Appraisal of the LPG Policy

Merits of LPG

  1. Vibrant Economy: There has been an increase in the overall growth rate of the country. In the Twelfth Plan (2012-2017), the GDP rate increased. In order to achieve such a high growth rate, the agriculture sector, industrial sector, and service sector have been involved.
  2. Stimulant to Industrial Production: The LPG policy has shown structural changes and was a great stimulant to industrial production. Because of such policies, many industries came up and gained global recognition.
  3. Check on Fiscal Deficit: Fiscal deficit, which adversely affected the Indian economy prior to 1991, started recovering after the economic reforms. It reduced from 8.5% in 1991 to nearly 4% in 2015–2016.
  4. A Check on Inflation: Prior to 1991, the general price level was rising. The Gulf Crisis hit the Indian economy adversely, leading to a continuous increase in the price level. Due to LPG policies, inflation was brought under control. The annual rate of inflation reduced from nearly 16.7% to 5.7%.
  5. Consumer’s Sovereignty: Now, consumers have ample goods to choose from because of diverse global markets. Products are available as per the taste and preference of consumers. Overall consumption expenditure has risen, which implies an increase in the status of people.

Demerits of LPG

  1. Neglect of Agriculture: Reforms have not been able to benefit agriculture significantly. This is because public investment in the agriculture sector (like irrigation, power, roads, etc.) has been reduced during the reform period. There was more focus on the production of cash crops instead of food crops.
  2. Urban Concentration of Economic Growth: Industries were primarily set up in urban areas, which increased the gap between rural and urban areas.
  3. Economic Colonialism: Multinational Corporations (MNCs) being set up in the country affect domestic industries.
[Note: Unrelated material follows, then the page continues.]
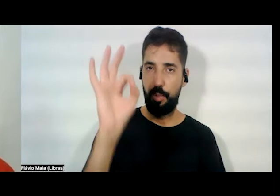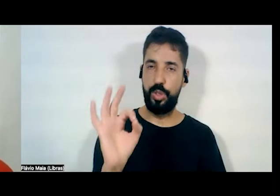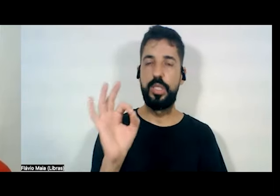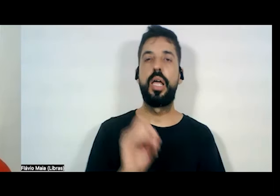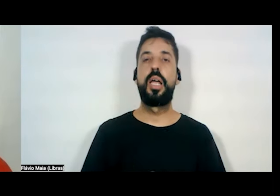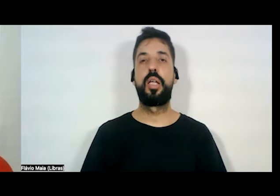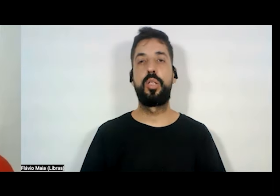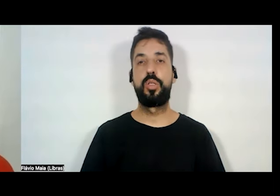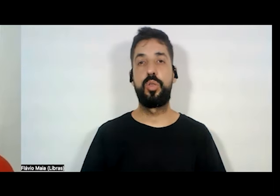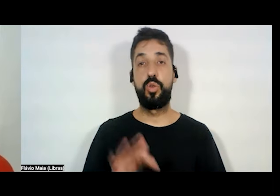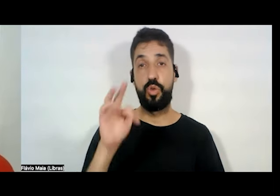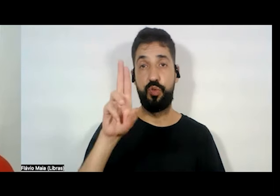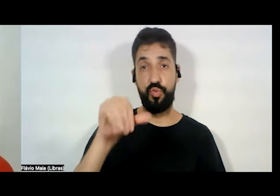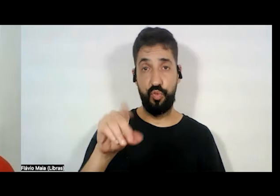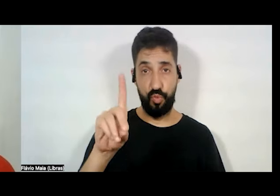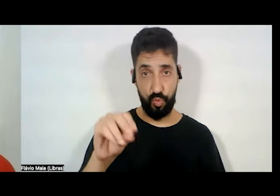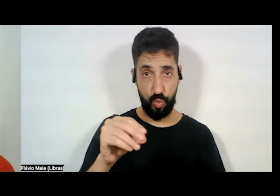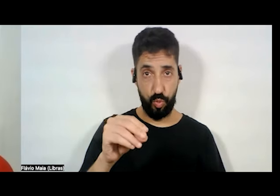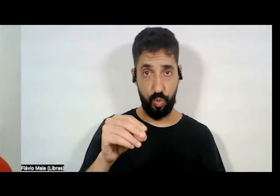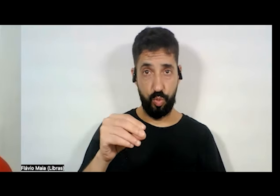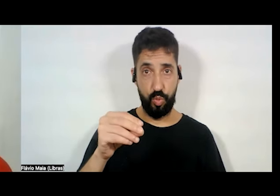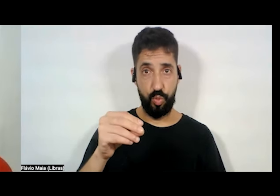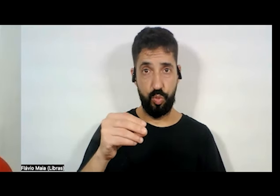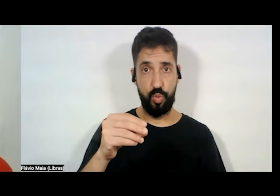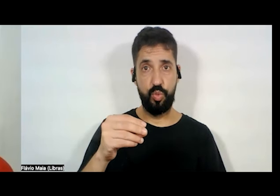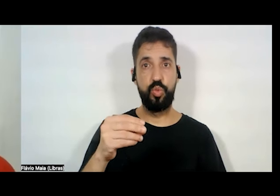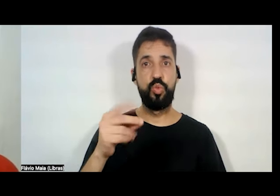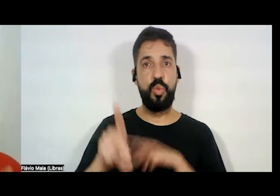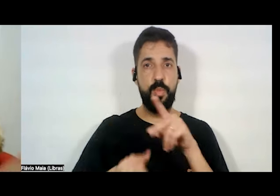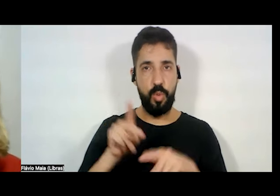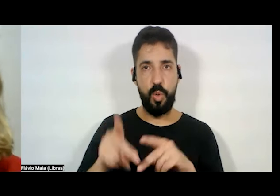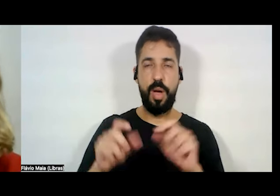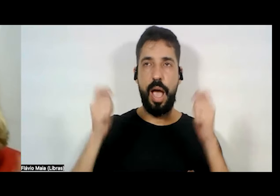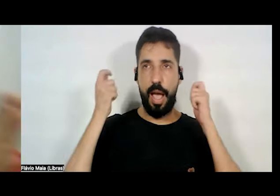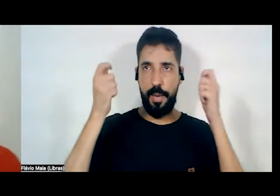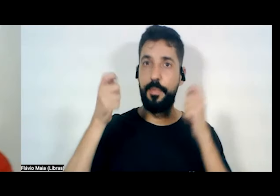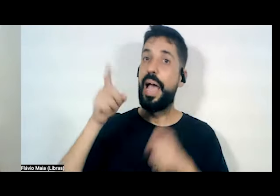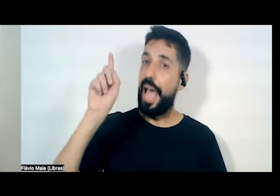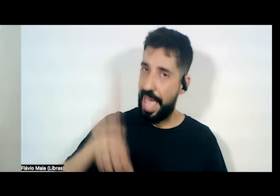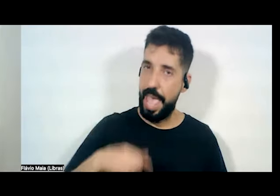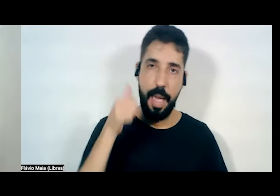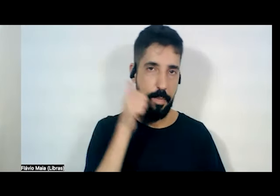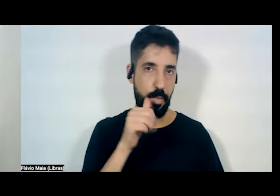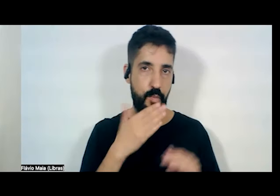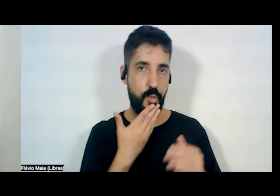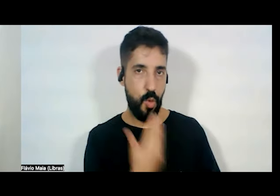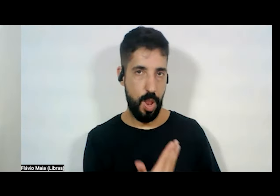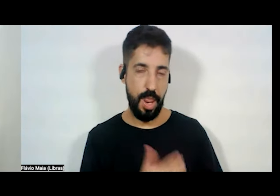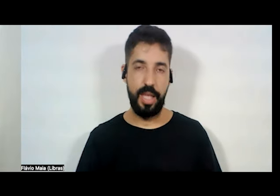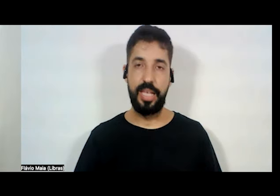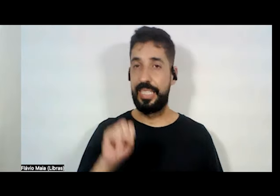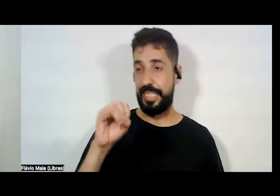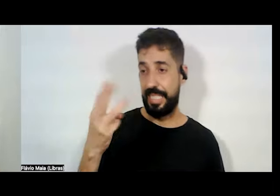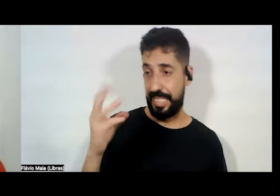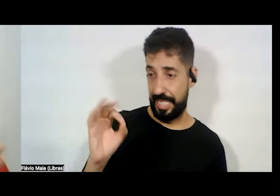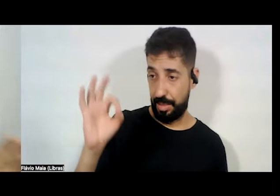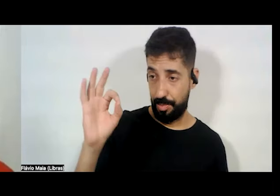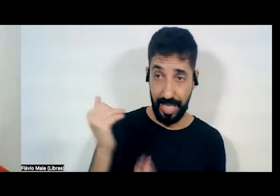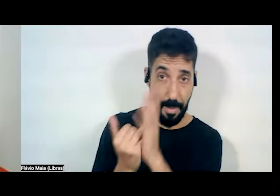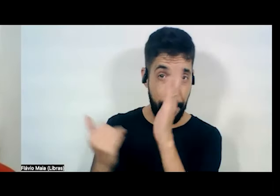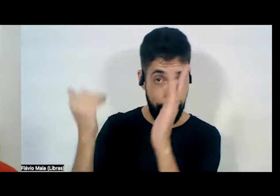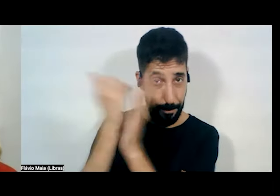fundo público de campanha é para as mulheres. Se tivermos mais do que 30% de mulheres inscritas,

Domestic industries are often unable to compete with foreign companies.

Recent Economic Initiatives in India

Demonetization (November 8, 2016)

This new initiative was taken by the Government of India on November 8, 2016, to tackle the problems of corruption, black money, terrorism, and the circulation of fake currency in the economy. Old currency notes of 500 and 1000 were no longer legal tenders. New currency notes in the denomination of 500 and 2000 were launched.

Positive Impact of Demonetization

  • Improved tax compliance as a large number of people were brought into the tax ambit.
  • It is a demonstration of the state’s decision to curb black money.
  • Tax compliance will improve and corruption will decrease.

Goods and Services Tax (GST) (July 1, 2017)

This law came into effect from July 1, 2017.

Aims of GST

  • To generate additional revenue for the government.
  • To reduce tax evasion.
  • To create “one nation, one tax and one market.”